Data extract
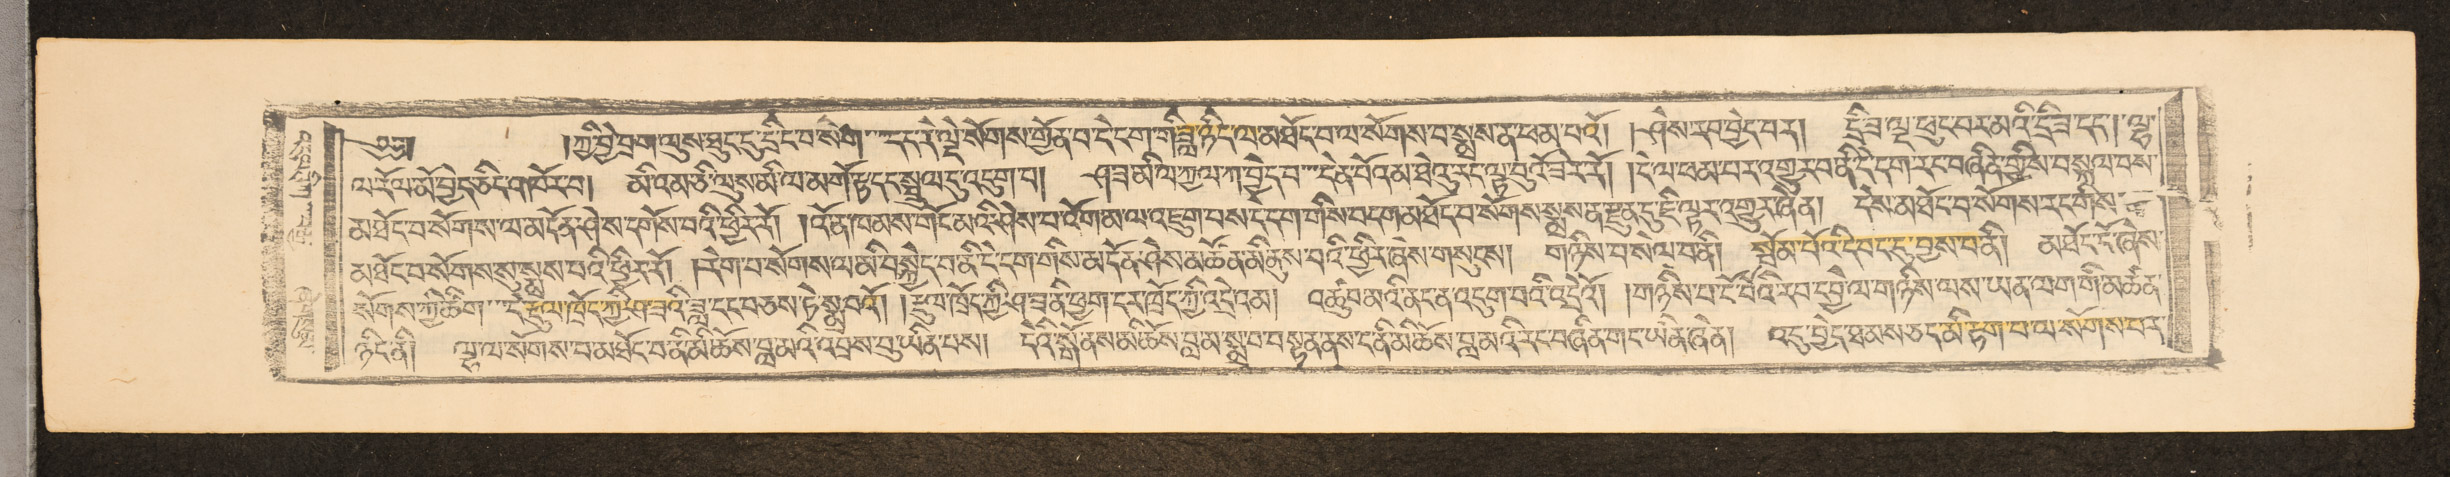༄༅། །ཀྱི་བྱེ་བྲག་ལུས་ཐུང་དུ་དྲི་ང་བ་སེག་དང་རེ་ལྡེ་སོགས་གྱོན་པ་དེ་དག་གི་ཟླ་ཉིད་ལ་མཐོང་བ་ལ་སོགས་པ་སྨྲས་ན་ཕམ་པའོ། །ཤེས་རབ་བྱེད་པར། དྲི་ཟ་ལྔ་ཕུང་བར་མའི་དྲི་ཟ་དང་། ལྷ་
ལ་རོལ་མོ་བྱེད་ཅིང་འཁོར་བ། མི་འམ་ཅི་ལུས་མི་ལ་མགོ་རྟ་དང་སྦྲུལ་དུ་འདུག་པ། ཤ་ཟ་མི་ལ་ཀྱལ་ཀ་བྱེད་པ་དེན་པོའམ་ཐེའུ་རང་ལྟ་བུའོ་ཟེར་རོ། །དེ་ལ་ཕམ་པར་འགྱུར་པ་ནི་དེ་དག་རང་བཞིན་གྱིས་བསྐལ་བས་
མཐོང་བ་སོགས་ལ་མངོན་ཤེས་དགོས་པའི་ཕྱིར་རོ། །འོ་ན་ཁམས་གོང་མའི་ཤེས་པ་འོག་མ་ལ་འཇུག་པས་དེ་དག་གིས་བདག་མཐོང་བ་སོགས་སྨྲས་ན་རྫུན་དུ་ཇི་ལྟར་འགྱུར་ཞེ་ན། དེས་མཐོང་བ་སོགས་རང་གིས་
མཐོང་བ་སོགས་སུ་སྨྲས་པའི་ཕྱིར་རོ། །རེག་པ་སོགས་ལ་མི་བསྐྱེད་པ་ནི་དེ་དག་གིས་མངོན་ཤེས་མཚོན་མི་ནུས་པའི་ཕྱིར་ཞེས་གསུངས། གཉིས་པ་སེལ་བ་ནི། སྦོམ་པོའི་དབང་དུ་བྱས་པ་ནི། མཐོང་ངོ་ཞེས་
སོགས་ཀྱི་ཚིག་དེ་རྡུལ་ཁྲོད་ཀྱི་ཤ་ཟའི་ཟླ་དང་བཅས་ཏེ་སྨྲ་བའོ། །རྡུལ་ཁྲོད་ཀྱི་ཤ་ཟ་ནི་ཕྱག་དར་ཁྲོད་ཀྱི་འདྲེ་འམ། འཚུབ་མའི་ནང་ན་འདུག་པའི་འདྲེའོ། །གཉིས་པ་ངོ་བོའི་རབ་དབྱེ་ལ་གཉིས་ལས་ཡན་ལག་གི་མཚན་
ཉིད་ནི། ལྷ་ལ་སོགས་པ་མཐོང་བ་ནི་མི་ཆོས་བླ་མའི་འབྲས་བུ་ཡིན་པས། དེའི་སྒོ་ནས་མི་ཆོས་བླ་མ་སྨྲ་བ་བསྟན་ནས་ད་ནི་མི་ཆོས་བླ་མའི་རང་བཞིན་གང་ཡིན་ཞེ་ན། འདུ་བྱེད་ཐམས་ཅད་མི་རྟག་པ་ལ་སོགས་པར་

Required work
Could you write the entries out again exactly, without their pictures?

Answer for this exercise
༄༅། །ཀྱི་བྱེ་བྲག་ལུས་ཐུང་དུ་དྲི་ང་བ་སེག་དང་རེ་ལྡེ་སོགས་གྱོན་པ་དེ་དག་གི་ཟླ་ཉིད་ལ་མཐོང་བ་ལ་སོགས་པ་སྨྲས་ན་ཕམ་པའོ། །ཤེས་རབ་བྱེད་པར། དྲི་ཟ་ལྔ་ཕུང་བར་མའི་དྲི་ཟ་དང་། ལྷ་
ལ་རོལ་མོ་བྱེད་ཅིང་འཁོར་བ། མི་འམ་ཅི་ལུས་མི་ལ་མགོ་རྟ་དང་སྦྲུལ་དུ་འདུག་པ། ཤ་ཟ་མི་ལ་ཀྱལ་ཀ་བྱེད་པ་དེན་པོའམ་ཐེའུ་རང་ལྟ་བུའོ་ཟེར་རོ། །དེ་ལ་ཕམ་པར་འགྱུར་པ་ནི་དེ་དག་རང་བཞིན་གྱིས་བསྐལ་བས་
མཐོང་བ་སོགས་ལ་མངོན་ཤེས་དགོས་པའི་ཕྱིར་རོ། །འོ་ན་ཁམས་གོང་མའི་ཤེས་པ་འོག་མ་ལ་འཇུག་པས་དེ་དག་གིས་བདག་མཐོང་བ་སོགས་སྨྲས་ན་རྫུན་དུ་ཇི་ལྟར་འགྱུར་ཞེ་ན། དེས་མཐོང་བ་སོགས་རང་གིས་
མཐོང་བ་སོགས་སུ་སྨྲས་པའི་ཕྱིར་རོ། །རེག་པ་སོགས་ལ་མི་བསྐྱེད་པ་ནི་དེ་དག་གིས་མངོན་ཤེས་མཚོན་མི་ནུས་པའི་ཕྱིར་ཞེས་གསུངས། གཉིས་པ་སེལ་བ་ནི། སྦོམ་པོའི་དབང་དུ་བྱས་པ་ནི། མཐོང་ངོ་ཞེས་
སོགས་ཀྱི་ཚིག་དེ་རྡུལ་ཁྲོད་ཀྱི་ཤ་ཟའི་ཟླ་དང་བཅས་ཏེ་སྨྲ་བའོ། །རྡུལ་ཁྲོད་ཀྱི་ཤ་ཟ་ནི་ཕྱག་དར་ཁྲོད་ཀྱི་འདྲེ་འམ། འཚུབ་མའི་ནང་ན་འདུག་པའི་འདྲེའོ། །གཉིས་པ་ངོ་བོའི་རབ་དབྱེ་ལ་གཉིས་ལས་ཡན་ལག་གི་མཚན་
ཉིད་ནི། ལྷ་ལ་སོགས་པ་མཐོང་བ་ནི་མི་ཆོས་བླ་མའི་འབྲས་བུ་ཡིན་པས། དེའི་སྒོ་ནས་མི་ཆོས་བླ་མ་སྨྲ་བ་བསྟན་ནས་ད་ནི་མི་ཆོས་བླ་མའི་རང་བཞིན་གང་ཡིན་ཞེ་ན། འདུ་བྱེད་ཐམས་ཅད་མི་རྟག་པ་ལ་སོགས་པར་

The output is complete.